ELPHAS WANIRE MAKIN v EXCELLENT SECURITY SERVICES LTD [2002] KEHC 28 (KLR)
Full Case Text
REPUBLIC OF KENYA
IN THE HIGH COURT OF KENYA
AT MOMBASA
Civil Appeal 39 of 1998
ELPHAS WANIRE MAKIN………………………….......................................................………APPELLANT
V E R S US
EXCELLENT SECURITY SERVICES LTD………….................................................……RESPONDENT
(Being an appeal from the Judgment of Muchelule Chief Magistrate delivered on
25. 6.1997 in Chief Magistrate Civil Suit No.756 of 1993)
J U D G M E N T OF COURT
The Appellant was the Plaintiff at the lower court. He sued for special damages, general damages and costs from the Defendant who was his employer. The Defendant is a Security Services firm. It hired the Appellant as a night guard. At the material time the Appellant was a supervisor who at night, moved from one premises to another to check whether other night guards were at their place of work carrying out their guarding duties. He was provided with a bicycle as the means of transport. It would appear from the records that the bicycle the Appellant used was not equipped with a head light. Nor was the appellant himself provided with a torch or a helmet. It is not easy to understand how he was able to use his bicycle during dark nights, but those are the conditions he worked under for the Respondent. His basic salary was Kshs.1,500/- per month.
On 6. 5.1993 at night, at Ganjoni area the Appellant who was in the course of his abovementioned employment was attacked by robbers who hit him with a stone on the head causing him serious injury. They robbed from him his bicycle and money. He was later rescued by other guards and taken to Coast Provincial Hospital where he was admitted for two days before being discharged. He continued with out-patient treatment. Later during this treatment he lost consciousness and fell down indicating that the head injury was more serious than earlier thought. He was re-admitted for a further five days when medical examination established partial paralysis of one side of his body. Later Dr. Muthunzi prepared a medical report, Exhibit 2. Re-examination was later done by another Doctor, Dr. Mwangombe, a neurologist. The two medical reports were accompanied by a third one by Dr. Mendes, who examined the Appellant on behalf of the Respondent herein. The three doctors’ findings established that the head injury was so severe that it depressed the skull fracturing it on the vertex. A huge bone chip fell inside the cranium. This led to post-traumatic convulsions with left sided hemi-paresis. The effect of the above was low libido, occasional numbness on the left side of the body as well as reduced sensation on the same side. He will continue to have serious post-traumatic headaches on the right side. Sight at night was similarly reduced. There is a recommendation that he undergoes surgery to uplift the bone chip on the cranium.

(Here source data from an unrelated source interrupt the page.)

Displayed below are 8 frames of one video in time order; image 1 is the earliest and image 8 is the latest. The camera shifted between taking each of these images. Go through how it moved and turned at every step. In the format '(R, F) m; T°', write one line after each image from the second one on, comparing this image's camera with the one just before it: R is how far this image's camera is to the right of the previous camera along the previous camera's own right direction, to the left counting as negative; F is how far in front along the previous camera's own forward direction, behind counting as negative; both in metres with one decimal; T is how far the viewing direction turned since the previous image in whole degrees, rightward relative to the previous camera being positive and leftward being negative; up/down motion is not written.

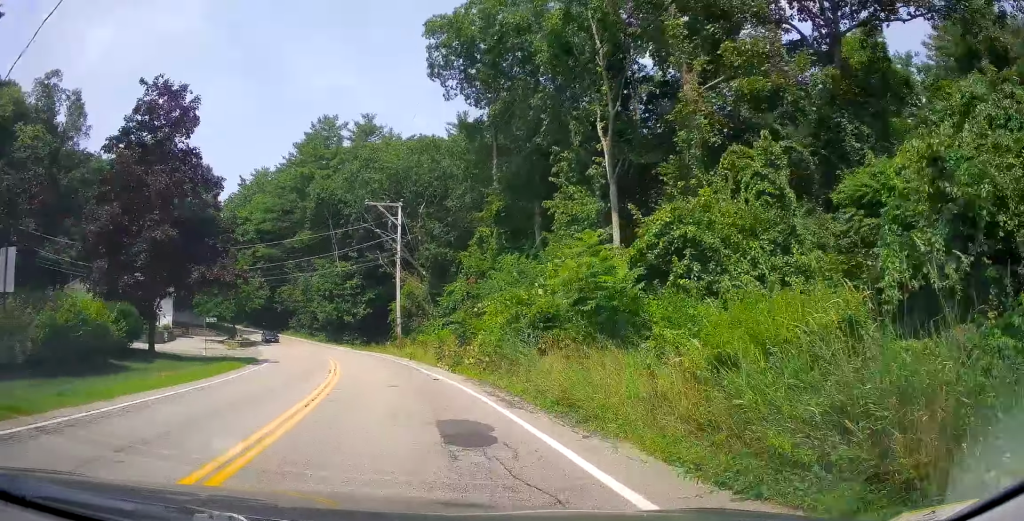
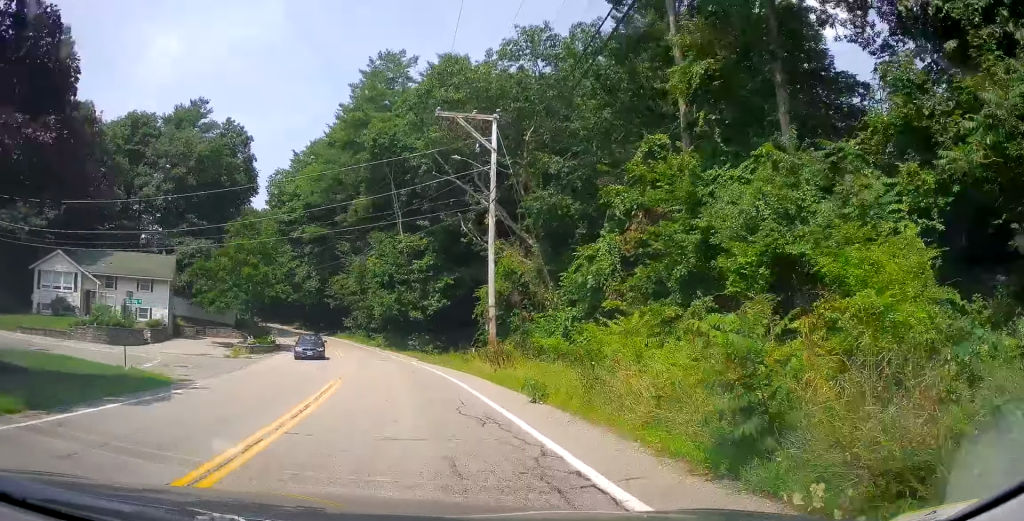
(-2.4, +19.9) m; -9°
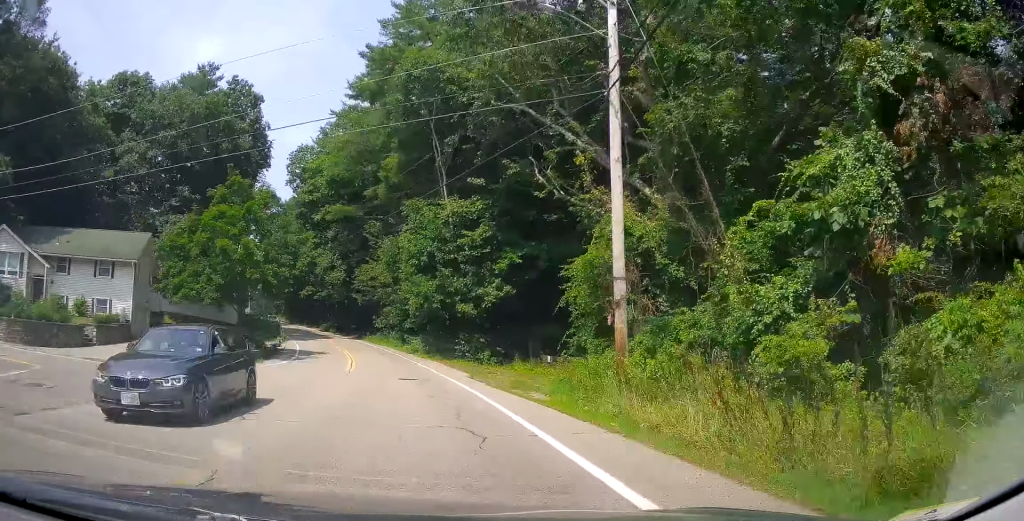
(-0.2, +13.3) m; -5°
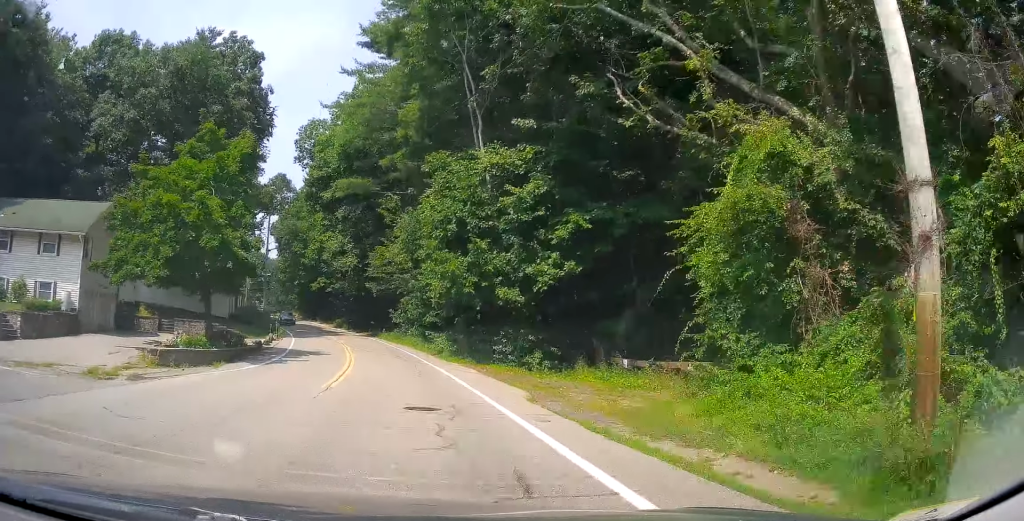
(-0.6, +9.0) m; -2°
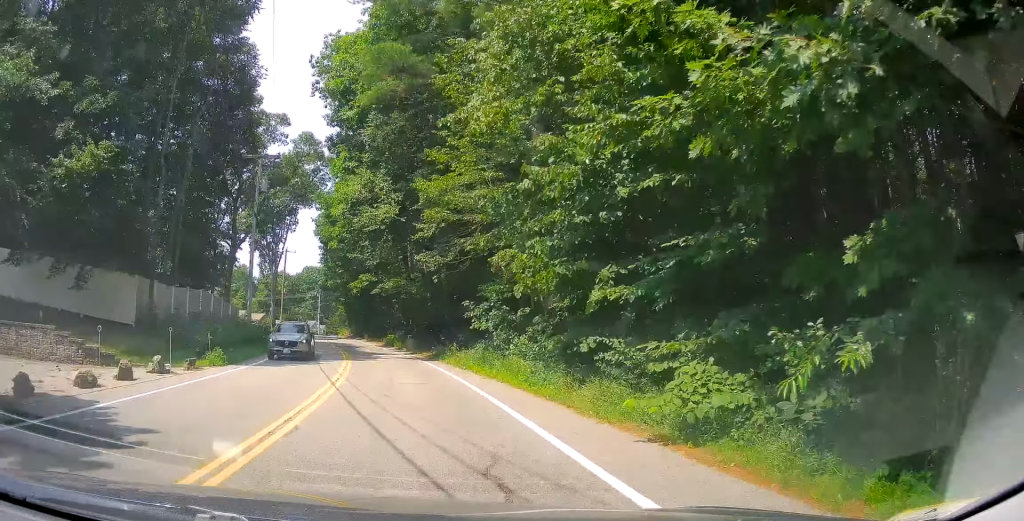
(-0.9, +24.2) m; -6°
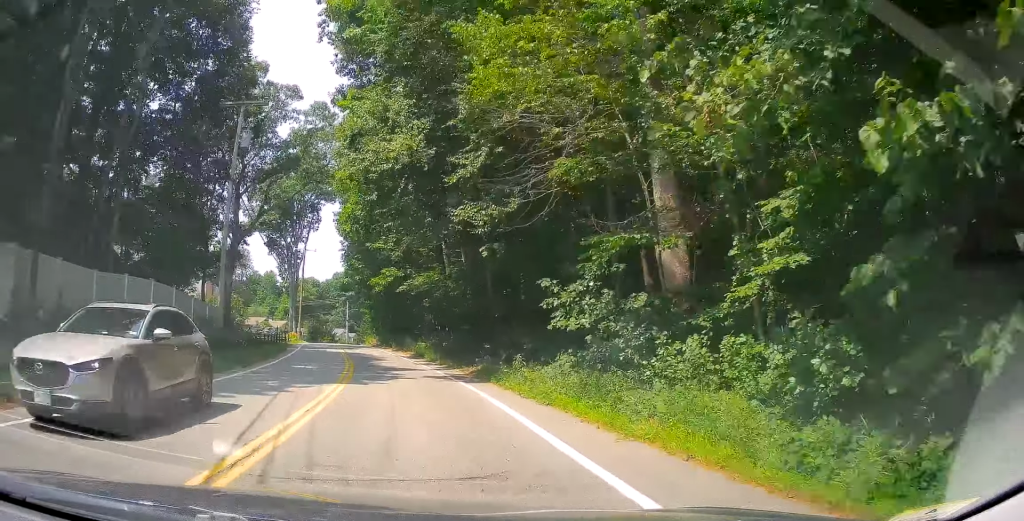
(-0.5, +9.5) m; -2°
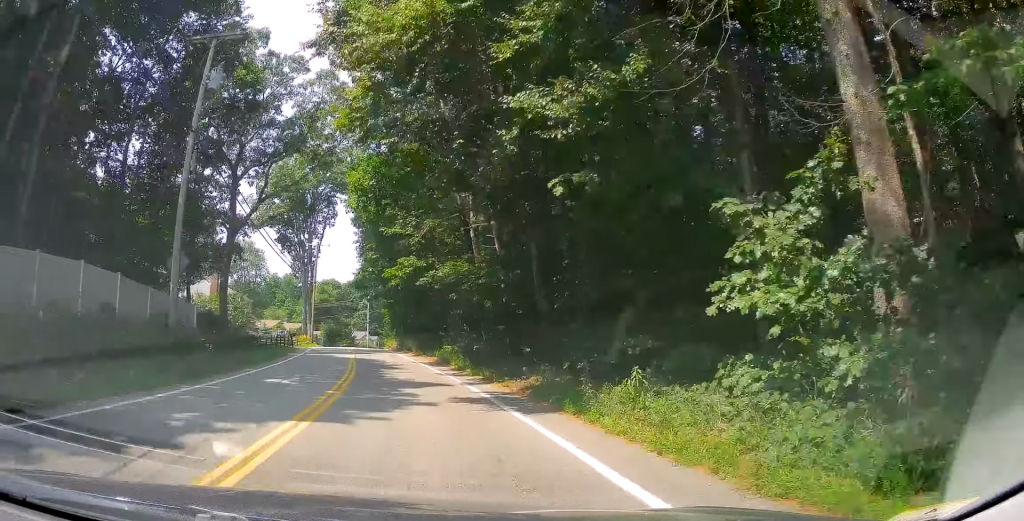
(-0.2, +6.7) m; -2°
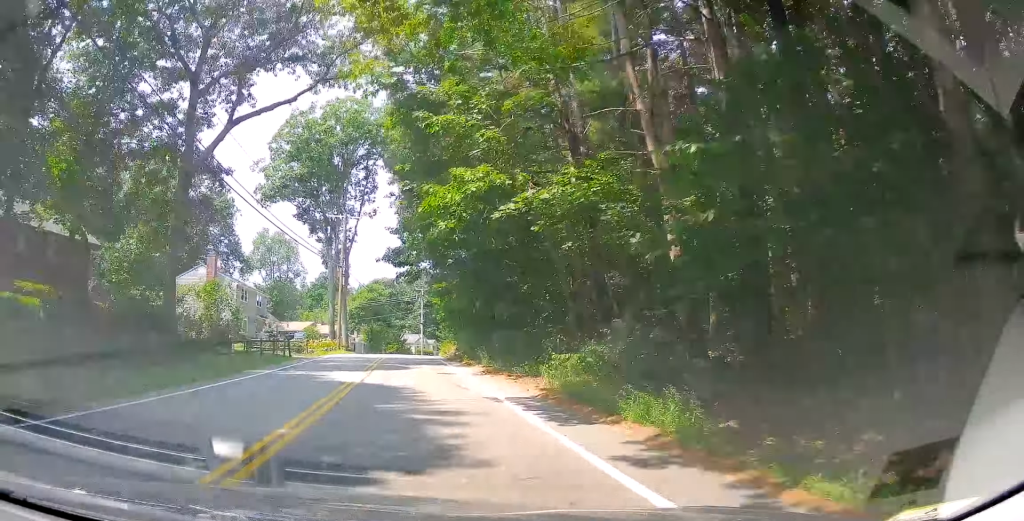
(-0.2, +17.9) m; -6°

The Respondent did not really deny these facts. It in fact went ahead to fill Workman’s Compensation Claim for the Appellant and the form of such claim and the above medical reports were all exhibited in the lower court. The Respondent decided not to attend court and defend the Appellant’s claim although his advocate was in court. The Respondent’s written defence was merely a general denial of the Plaintiff’s claim though, without prejudice, it tried to shift the blame to the Appellant by stating that the latter conducted himself without due care and that he had in any case accepted such risk by accepting the risky job and that he should not, therefore, be heard to complain. However, defence was clearly proved to have been a sham when he failed to turn up in court and controvert the Appellant’s evidence.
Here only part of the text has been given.